Now it is known (p37 of here) that any Möbius transformation $T$ is conjugate to either the translation $z \mapsto z+1$ or a linear map $z \mapsto \lambda z$ for some $\lambda \in \mathbb{C} \setminus \{0\}$. Fixing $t \geq 0$ and applying this to the Möbius transformation $T$ whose restriction to $\hat{\mathbb{R}}$ coincides with $F$ (as defined in Lemma 4):

• If $h \circ T \circ h^{-1}\colon z \mapsto z+1$, then the topological circle $h(\hat{\mathbb{R}})$ is strictly invariant under $z \mapsto z+1$ and so contains $\infty$; hence $h^{-1}(\infty)$ lies in $\hat{\mathbb{R}}$ and is the unique fixed point of $F$.

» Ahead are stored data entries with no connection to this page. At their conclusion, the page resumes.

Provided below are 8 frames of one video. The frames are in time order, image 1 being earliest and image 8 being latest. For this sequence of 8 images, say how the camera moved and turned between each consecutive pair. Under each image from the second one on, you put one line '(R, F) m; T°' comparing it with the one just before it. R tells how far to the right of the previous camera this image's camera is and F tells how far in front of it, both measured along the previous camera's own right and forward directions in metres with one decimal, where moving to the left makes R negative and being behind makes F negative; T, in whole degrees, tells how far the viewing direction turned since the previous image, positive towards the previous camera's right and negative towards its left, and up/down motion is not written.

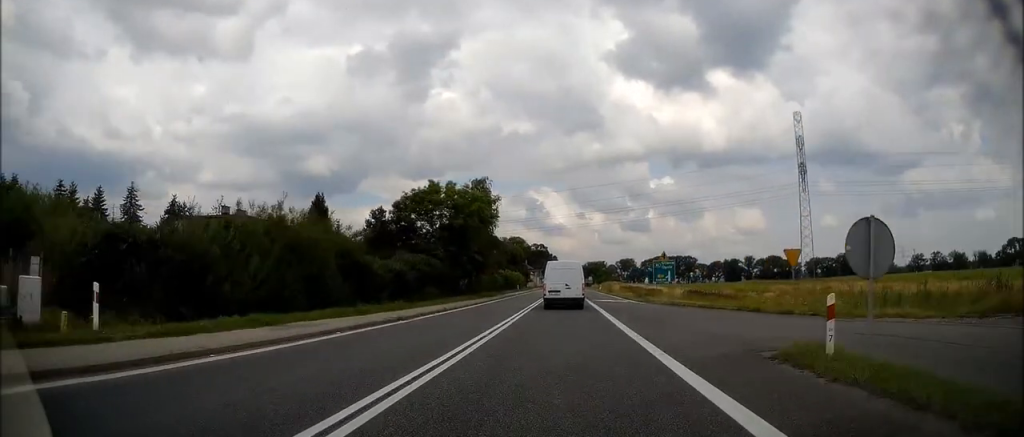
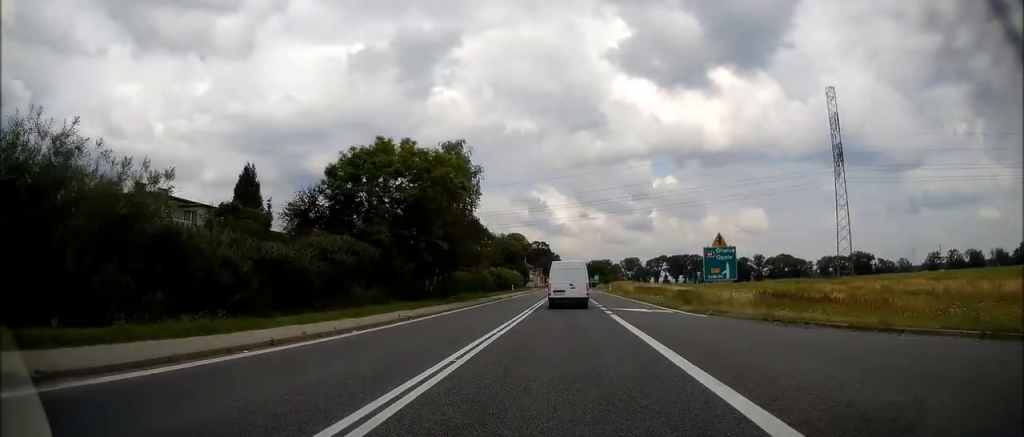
(+0.2, +17.2) m; 0°
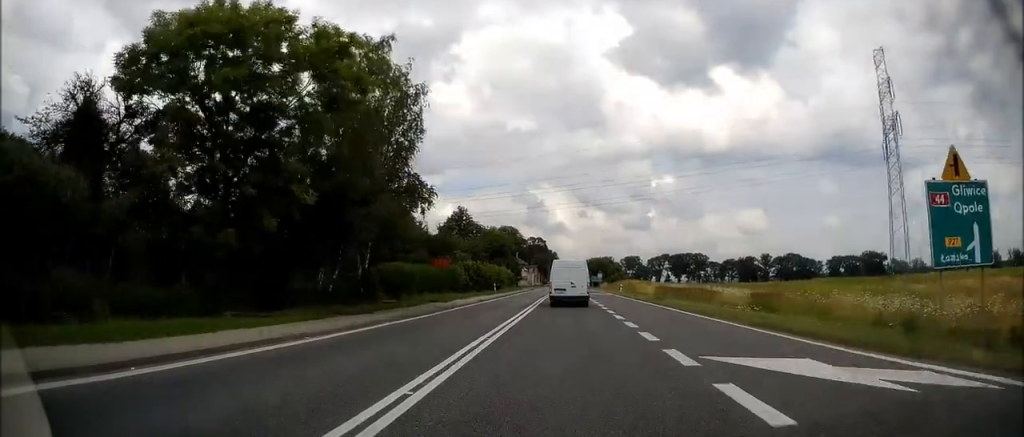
(-0.3, +21.2) m; 0°
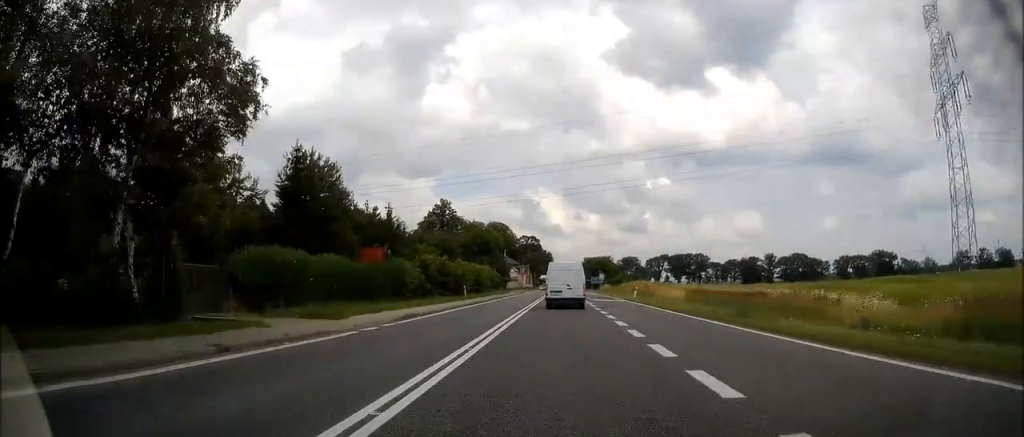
(+0.2, +18.8) m; +1°
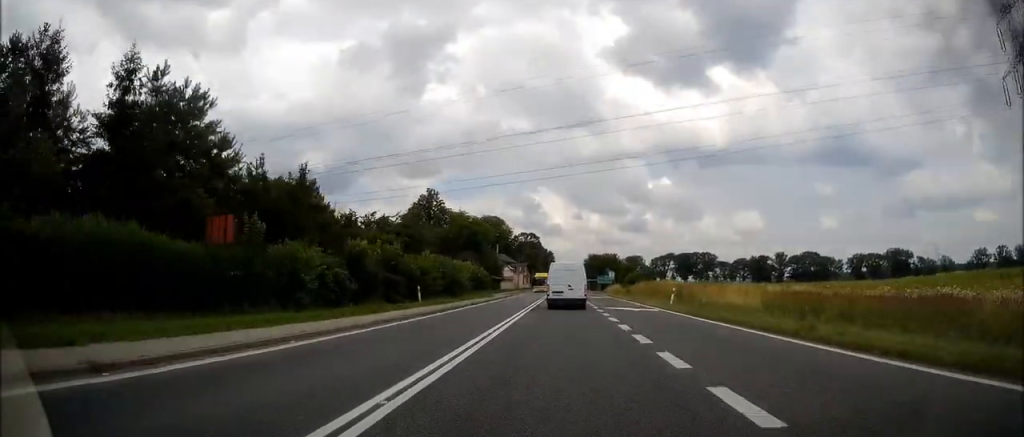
(0.0, +17.6) m; 0°
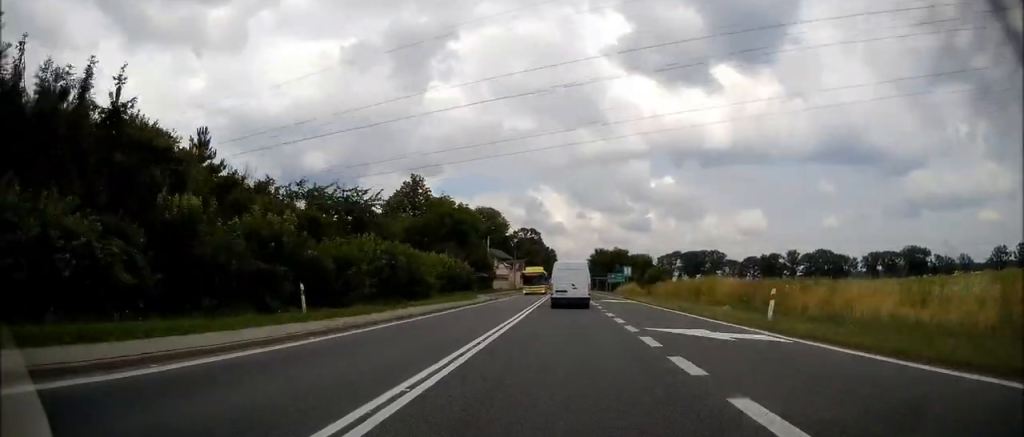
(-0.1, +17.0) m; 0°
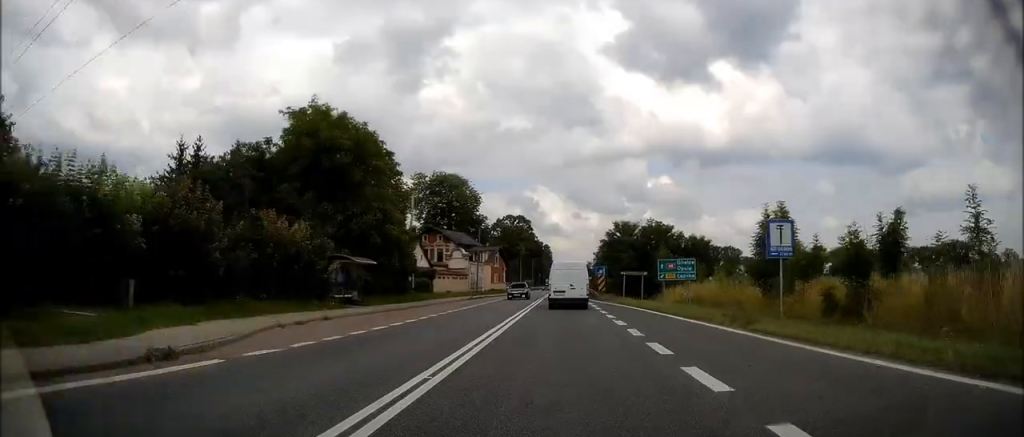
(0.0, +45.6) m; 0°
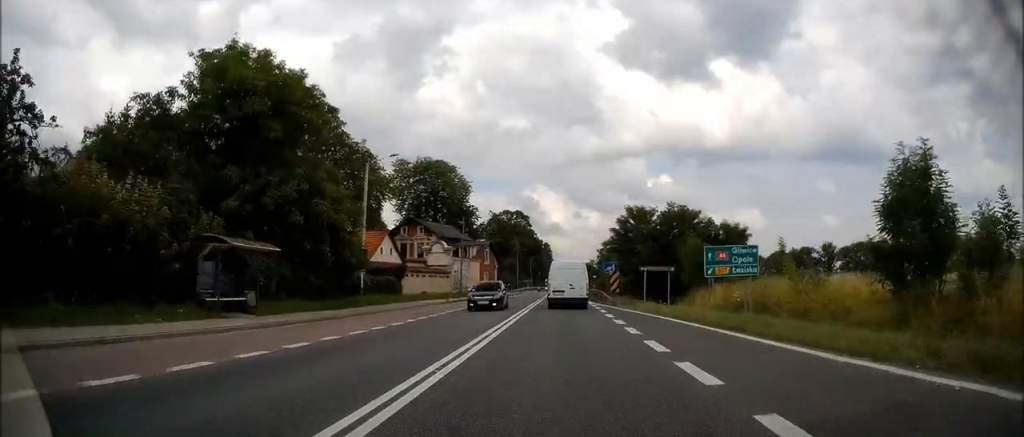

• If $h \circ T \circ h^{-1}\colon z \mapsto \lambda z\,$ where $|\lambda| \neq 1$, then the topological circle $h(\hat{\mathbb{R}})$ contains both $0$ and $\infty$; hence $h^{-1}(0)$ and $h^{-1}(\infty)$ are the fixed points of $F$. If $|\lambda|>1$ then all trajectories of $F$ not starting at $h^{-1}(0)$ are attracted to $h^{-1}(\infty)$; if $|\lambda|<1$ then all trajectories of $F$ not starting at $h^{-1}(\infty)$ are attracted to $h^{-1}(0)$.
• If $h \circ T \circ h^{-1}\colon z \mapsto e^{i\mu} z\,$ where $\mu \in \mathbb{R} \setminus \{0\}$, then $h(\hat{\mathbb{R}})$ is a circle of non-zero finite radius about the origin, and so $F$ is topologically conjugate to the circle rotation by angle $\mu$.
• Finally, if $h \circ T \circ h^{-1}$ is the identity function then $F$ is the identity function.

Since $F$ is conjugate to the time-$t$ map $f$ of (1), this completes the proof of the result.